Neil, at his new job!
Lily and Gilbert--I hope good news comes for you!
Me, gosh dang it! (I should hear back about the position...they said it would be about two weeks)

Wednesday, September 24, 2008


So I was flipping through the Fall TV Preview issue of EW (oh...who am I kidding? I don't 'flip through' any magazine. It's cover to cover, all the way, even slogging through the music reviews...which is why I'm three weeks behind), and it showed a little headshot of a familiar-looking character in a new BBCAmerica show, "Skins." I was all, "Dude, that guy looks just like the kid from 'About a Boy'! By gosh, I think it is the kid from 'About a Boy'! All growed up."

So I looked him up. Nicholas Hoult, there he was!


And then...as I continued looking at the images Google gave me...not-so-aww:

What?? When did these cute little kids turn into faux-heartthrobs?? That's right, people--faux. He sings "Shake ya ass/Watch yourself" in an endearingly silly woolen cap! He doesn't lift his shirt to suggestively show off his abs!!

I swear, this is just as wrong as when ginger-haired geeky-cute little Ronald Weasley began to get muscley. Or how people are calling Neville Longbottom hot now.

(Yeah. That's him.)

This isn't right! And I'm going to stop it!

Who's with me?

{P.S. In other disillusionment news: it's been a crappy Anne week. A certain navel-gazing blogger let us know of a new movie in the works where Anne is mourning Gilbert's death (WHA...???) and later finds out unsavory secrets about her birth parents (I call B.S., this was totally covered in the books), and also, it was announced that L.M. Montgomery killed herself. This is the 100th anniversary year, people! Why does everyone have to go and ruin the perfection??}

{P.P.S. Sorry about the proliferation of italics. My thoughts are really passionate today. I am incensed!}

Monday, September 22, 2008

Autumn's First Day

Oh, this is my favorite time.

It seems like every year, I hate some things more. I hate 95% humidity in 95-degree-Missouri more. I hate all of February, with a passion.
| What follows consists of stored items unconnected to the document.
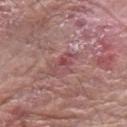<lesion>
  <biopsy_status>not biopsied; imaged during a skin examination</biopsy_status>
  <lesion_size>
    <long_diameter_mm_approx>3.5</long_diameter_mm_approx>
  </lesion_size>
  <lighting>white-light</lighting>
  <patient>
    <sex>male</sex>
    <age_approx>60</age_approx>
  </patient>
  <image>
    <source>total-body photography crop</source>
    <field_of_view_mm>15</field_of_view_mm>
  </image>
  <site>left forearm</site>
</lesion>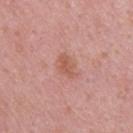Notes:
– follow-up · no biopsy performed (imaged during a skin exam)
– lighting · white-light
– image source · total-body-photography crop, ~15 mm field of view
– location · the upper back
– subject · male, in their 50s
– lesion diameter · ≈3 mm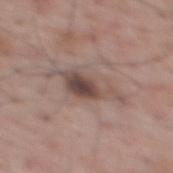An algorithmic analysis of the crop reported an area of roughly 9 mm² and a shape eccentricity near 0.9. The software also gave a border-irregularity index near 7/10 and a color-variation rating of about 5.5/10. A male patient, aged 68 to 72. Cropped from a total-body skin-imaging series; the visible field is about 15 mm. The tile uses white-light illumination. The lesion is on the upper back.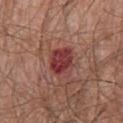Findings:
• follow-up — catalogued during a skin exam; not biopsied
• body site — the front of the torso
• automated metrics — roughly 12 lightness units darker than nearby skin; a nevus-likeness score of about 0/100 and lesion-presence confidence of about 100/100
• lesion diameter — ≈3.5 mm
• subject — male, aged around 65
• image — total-body-photography crop, ~15 mm field of view
• lighting — white-light

But I also love this more...every year.

I can't always indulge in the special treats autumn brings, but I can remember what have been memorable...

1. Apples...Gala, Ginger Gold, Honeycrisp, and my absolute sweet-tart favorite, Pink Lady. Bath & Body Works had a Granny Smith apple scent last year that smelled like you'd just bitten into one. Wow. I only really like two fruits: fall apples, and winter/spring pumelos.

2. I've mentioned Hartsburg before, and we're going this year to get decorations for the wedding. I'm so looking forward to it!

3. Opening the windows and balcony door all day, then shutting them at night because it's a little too chilly.

4. Candles...pumpkin spice, gingerbread, baking bread, apple pie, cranberry (sort of) and the best one I've ever smelled, which I can't find ANYWHERE anymore...Clove.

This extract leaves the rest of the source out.